2.4. Threat Modeling and Supply Chain Risk
💡 First Principle: Threat modeling makes threat analysis systematic rather than ad hoc — forcing security architects to enumerate all the ways a system could be attacked before it's built, when fixes are cheap, rather than after deployment, when fixes are expensive and disruptive.
Supply chain risk extends the threat model beyond the organization's direct control: if an attacker can't penetrate your systems directly, they'll compromise the hardware, software, or services you buy from others and use that access as a stepping stone. SolarWinds (2020) demonstrated that even security-conscious organizations are vulnerable to supply chain attacks targeting their trusted vendors.
Why this matters: Threat modeling and SCRM are increasingly weighted on modern CISSP exams as organizations recognize that perimeter-focused security fails when threats enter via trusted supply chain relationships. Questions will test when to apply which methodology and what controls address supply chain-specific risks.

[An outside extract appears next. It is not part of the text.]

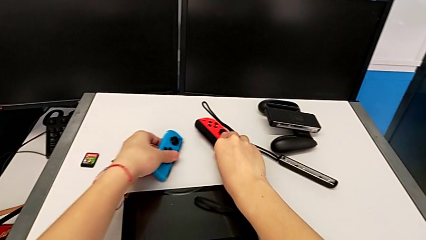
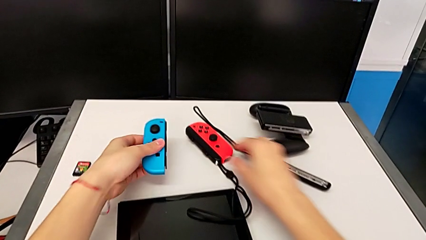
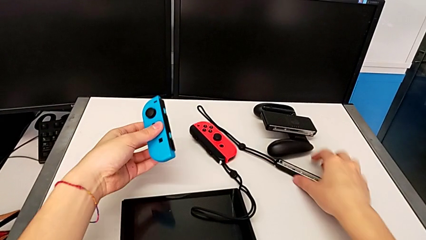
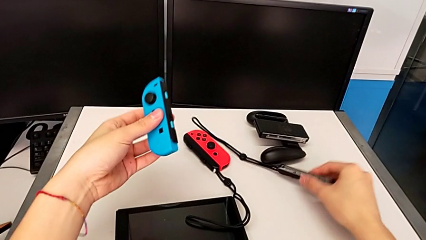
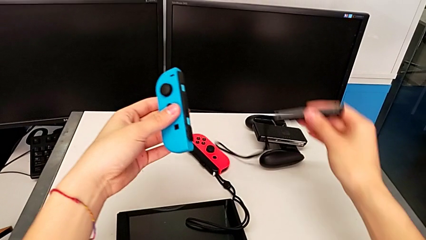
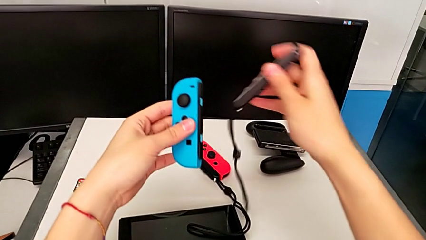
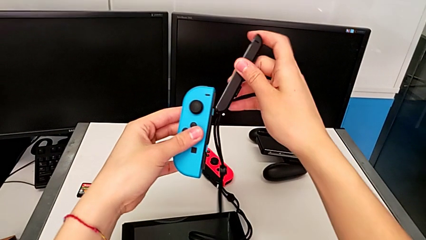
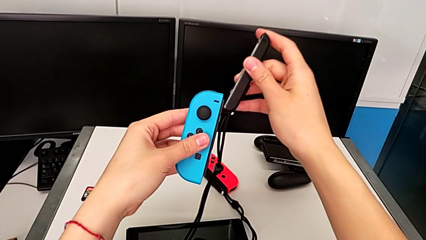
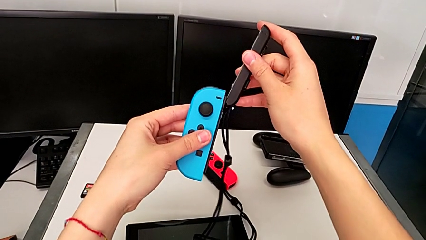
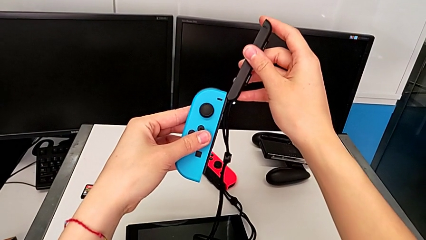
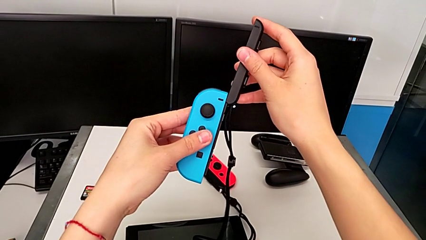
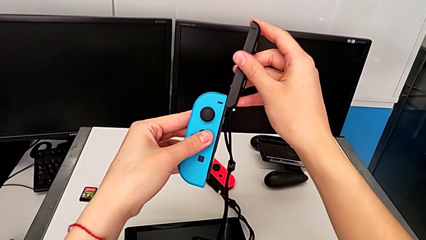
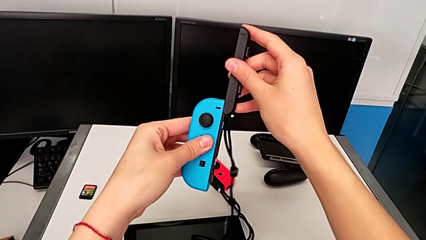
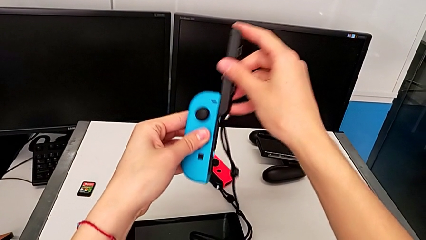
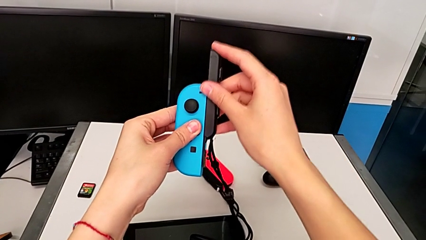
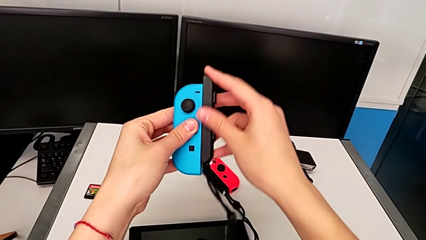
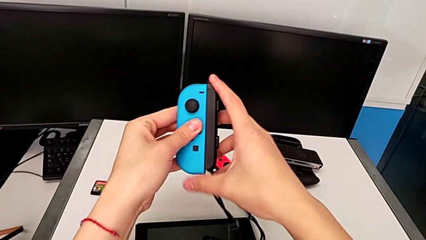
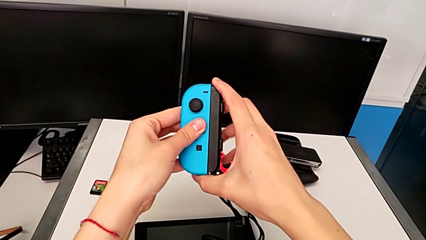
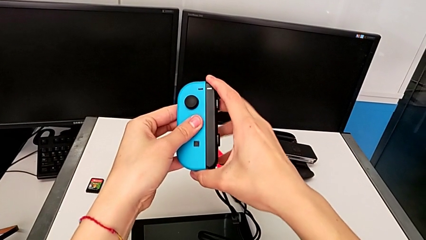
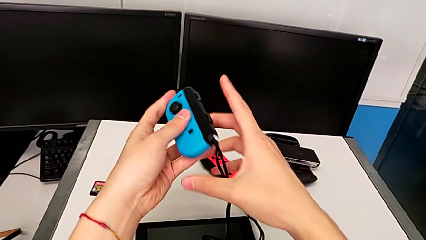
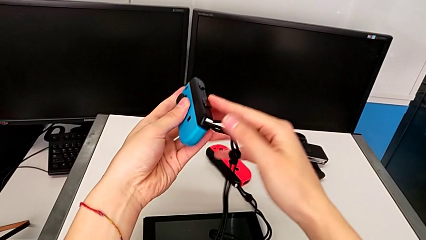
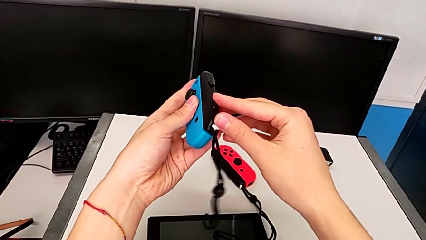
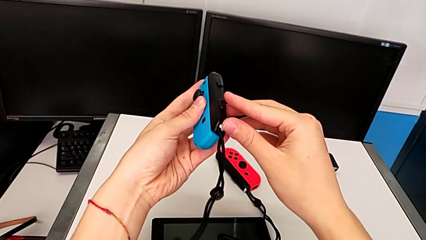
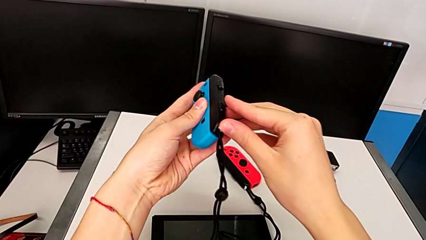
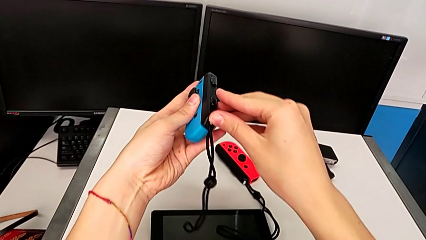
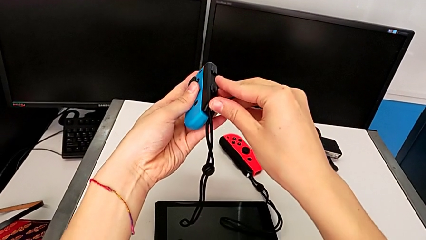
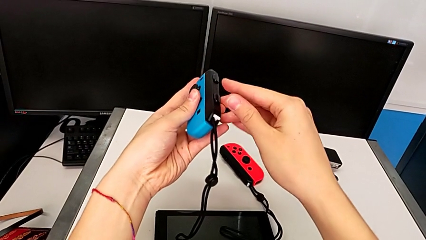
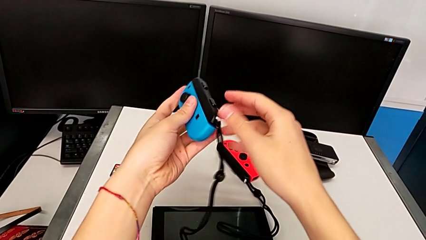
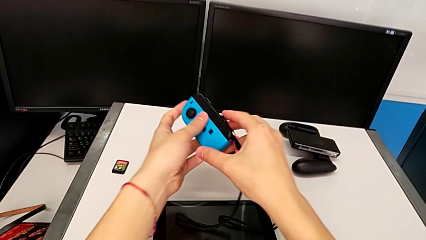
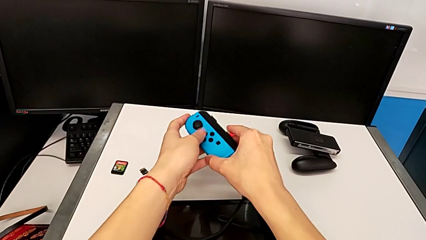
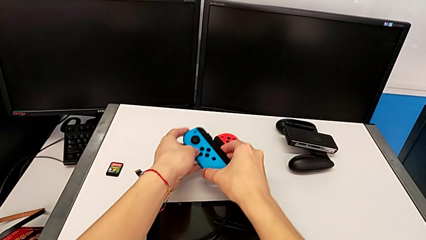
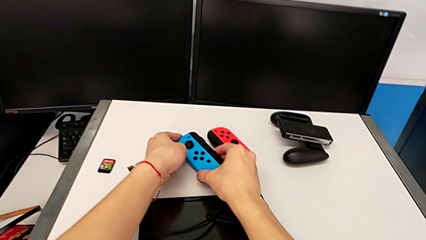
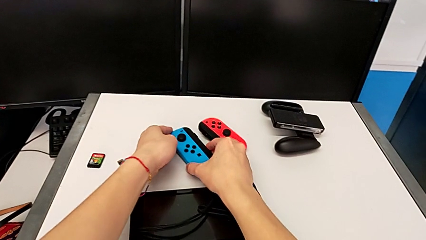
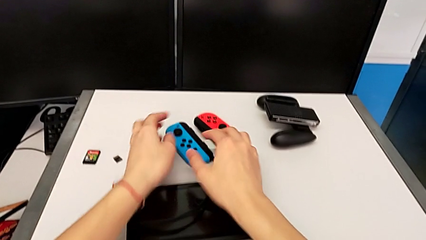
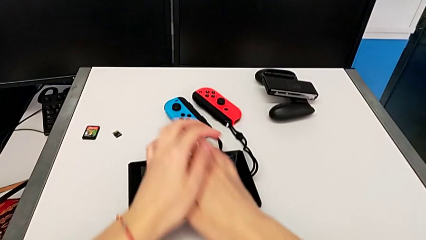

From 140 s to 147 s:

⚠️ Common Misconception: Many candidates think air-gapped systems cannot be compromised remotely. Air gaps prevent direct network attacks, but supply chain attacks (compromised firmware or hardware before installation), removable media, and RF side-channel attacks have all been demonstrated against air-gapped systems. Stuxnet is the canonical example — delivered via USB to air-gapped Iranian nuclear centrifuge controllers.